ACTIVITY:
Reproduce the data below exactly as written. Pictures do not belong in the copy.

RAW DATA:
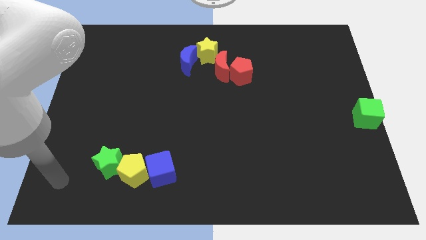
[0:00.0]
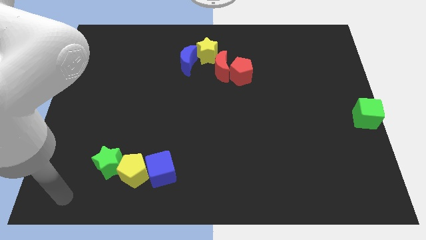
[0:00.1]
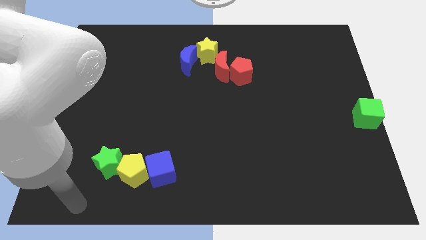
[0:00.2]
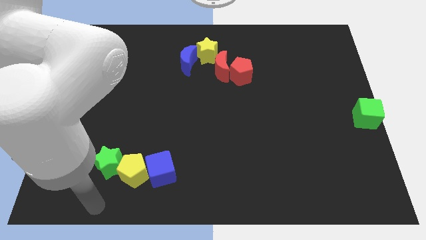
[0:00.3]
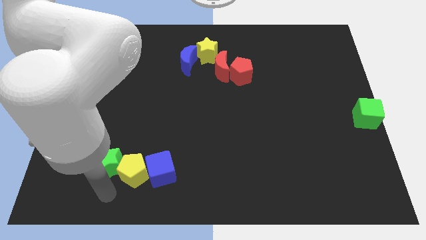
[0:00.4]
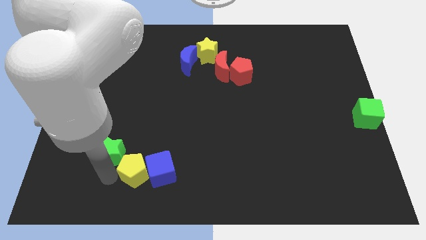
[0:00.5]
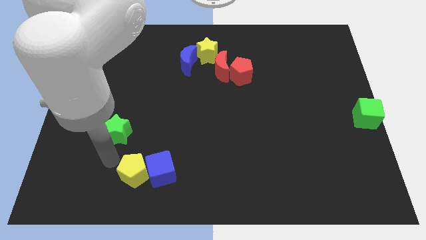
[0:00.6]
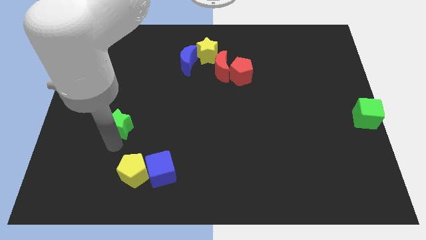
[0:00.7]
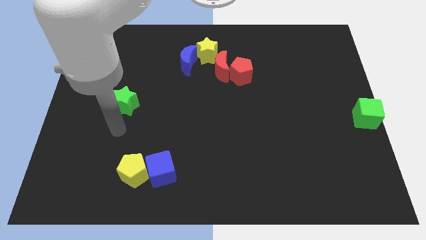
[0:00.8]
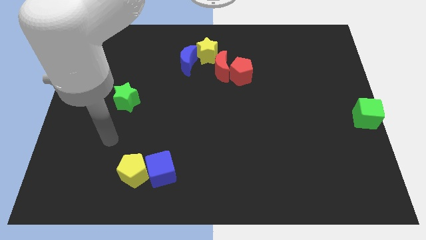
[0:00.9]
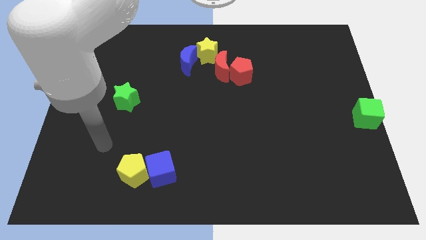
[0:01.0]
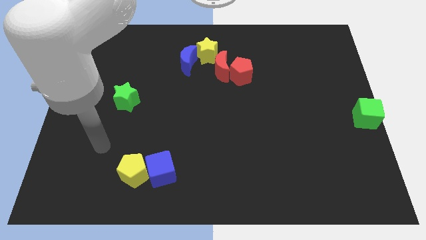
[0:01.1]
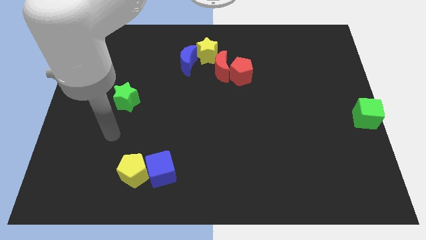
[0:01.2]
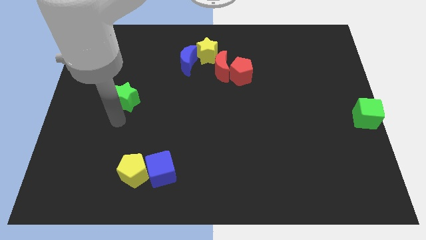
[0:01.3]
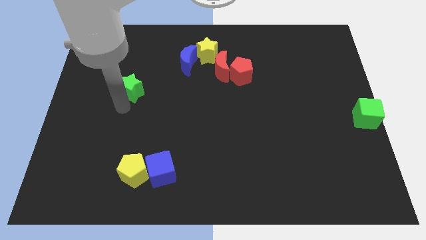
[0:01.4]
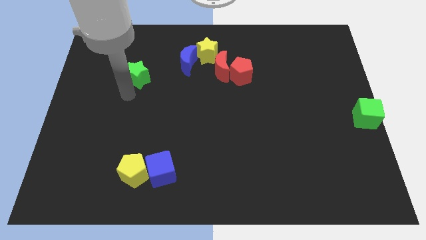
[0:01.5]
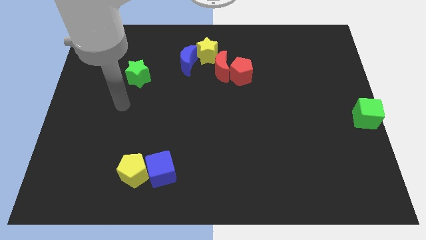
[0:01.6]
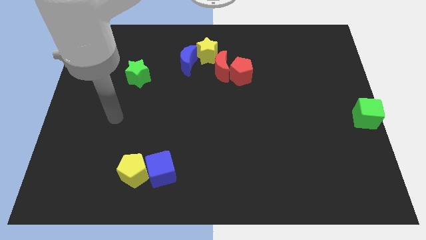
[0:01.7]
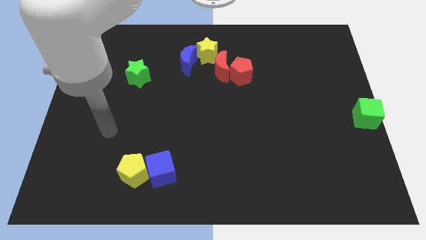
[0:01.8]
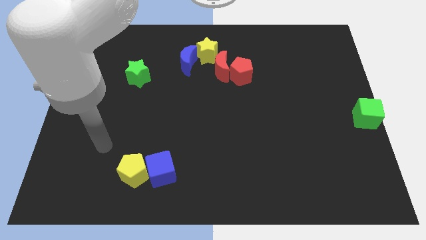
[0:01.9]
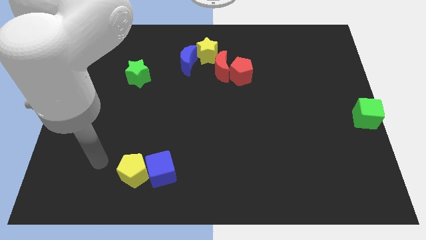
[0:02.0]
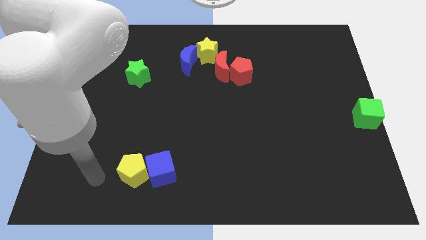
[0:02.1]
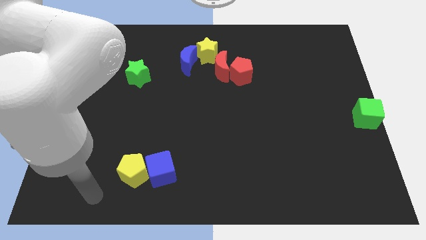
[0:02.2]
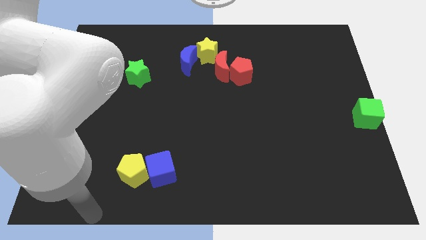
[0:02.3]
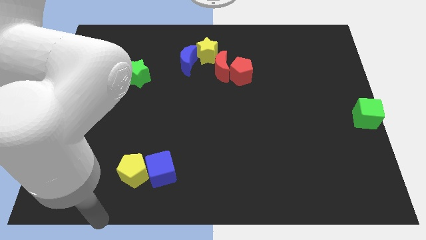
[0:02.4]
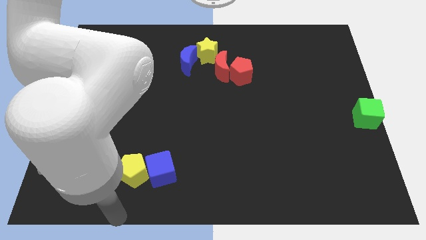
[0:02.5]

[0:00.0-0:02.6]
push the green star towards the top

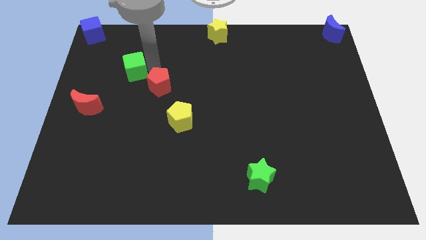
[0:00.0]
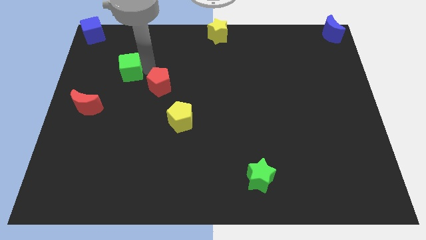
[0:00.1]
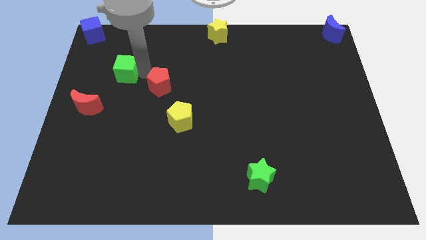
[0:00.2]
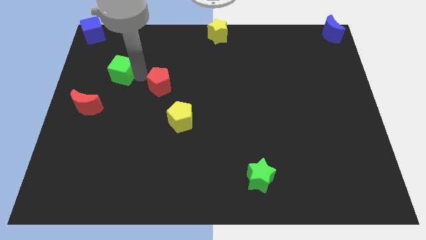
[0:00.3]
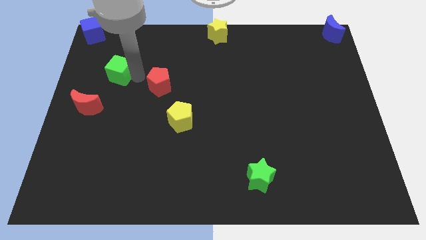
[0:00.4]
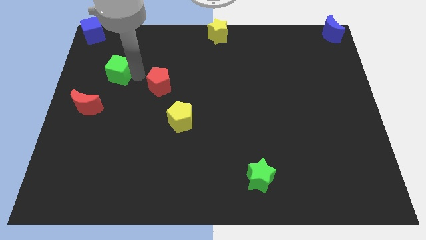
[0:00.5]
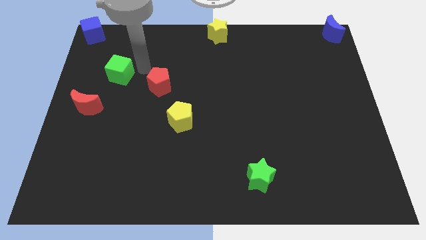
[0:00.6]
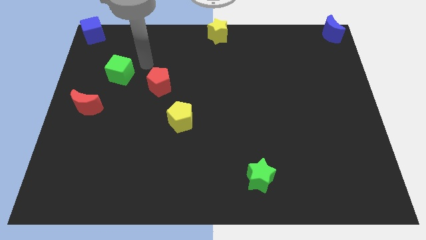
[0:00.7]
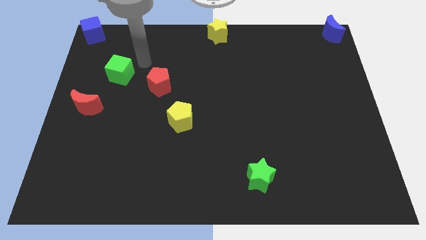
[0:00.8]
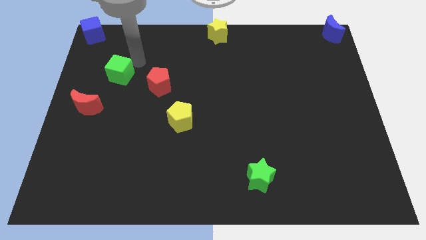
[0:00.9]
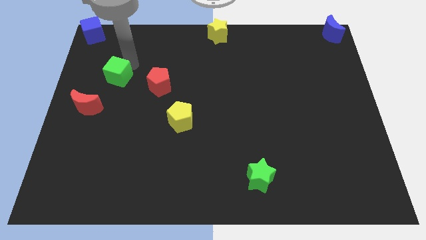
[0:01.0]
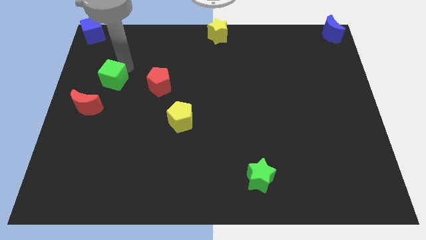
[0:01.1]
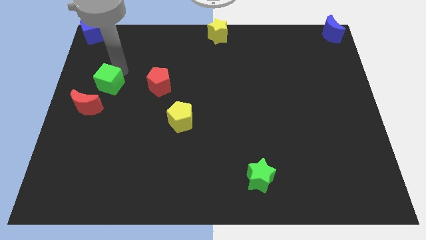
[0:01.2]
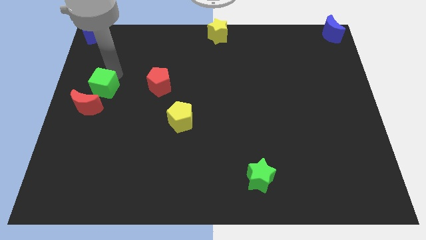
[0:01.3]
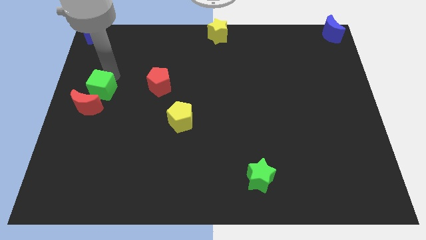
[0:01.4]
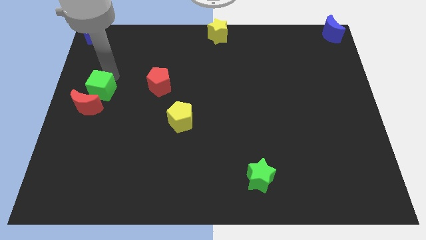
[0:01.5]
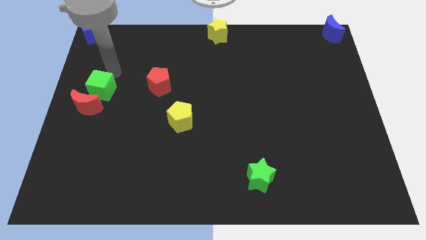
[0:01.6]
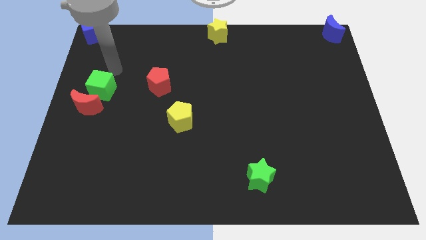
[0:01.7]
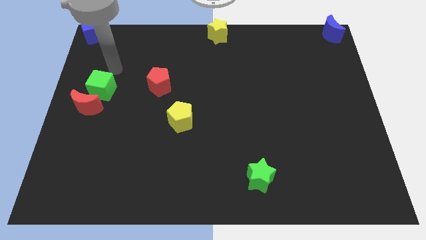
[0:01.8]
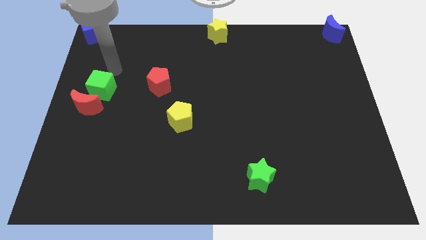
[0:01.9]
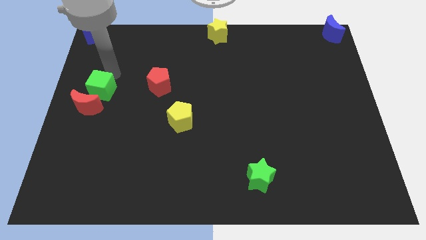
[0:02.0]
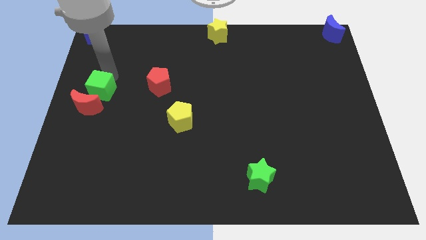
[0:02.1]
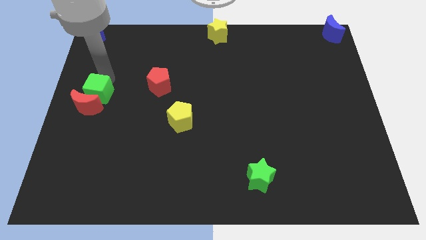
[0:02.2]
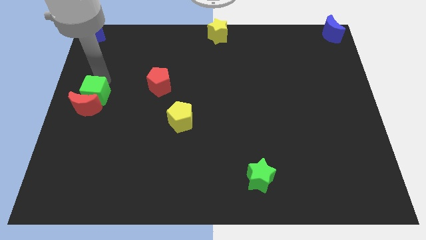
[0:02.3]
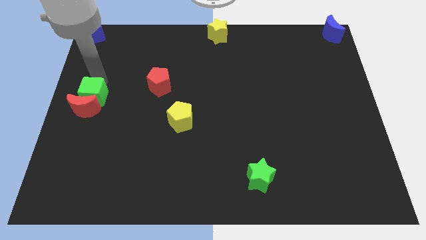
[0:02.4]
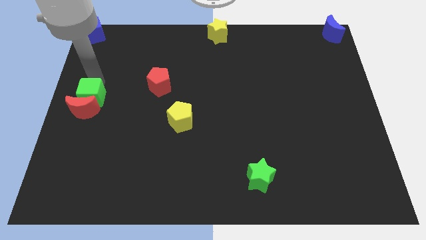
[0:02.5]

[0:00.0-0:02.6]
push the green cube into the red crescent

TASK SOLUTION:
[0:00.0]
[0:00.1]
[0:00.2]
[0:00.3]
[0:00.4]
[0:00.5]
[0:00.6]
[0:00.7]
[0:00.8]
[0:00.9]
[0:01.0]
[0:01.1]
[0:01.2]
[0:01.3]
[0:01.4]
[0:01.5]
[0:01.6]
[0:01.7]
[0:01.8]
[0:01.9]
[0:02.0]
[0:02.1]
[0:02.2]
[0:02.3]
[0:02.4]
[0:02.5]

[0:00.0-0:02.6]
push the green star towards the top

[0:00.0]
[0:00.1]
[0:00.2]
[0:00.3]
[0:00.4]
[0:00.5]
[0:00.6]
[0:00.7]
[0:00.8]
[0:00.9]
[0:01.0]
[0:01.1]
[0:01.2]
[0:01.3]
[0:01.4]
[0:01.5]
[0:01.6]
[0:01.7]
[0:01.8]
[0:01.9]
[0:02.0]
[0:02.1]
[0:02.2]
[0:02.3]
[0:02.4]
[0:02.5]

[0:00.0-0:02.6]
push the green cube into the red crescent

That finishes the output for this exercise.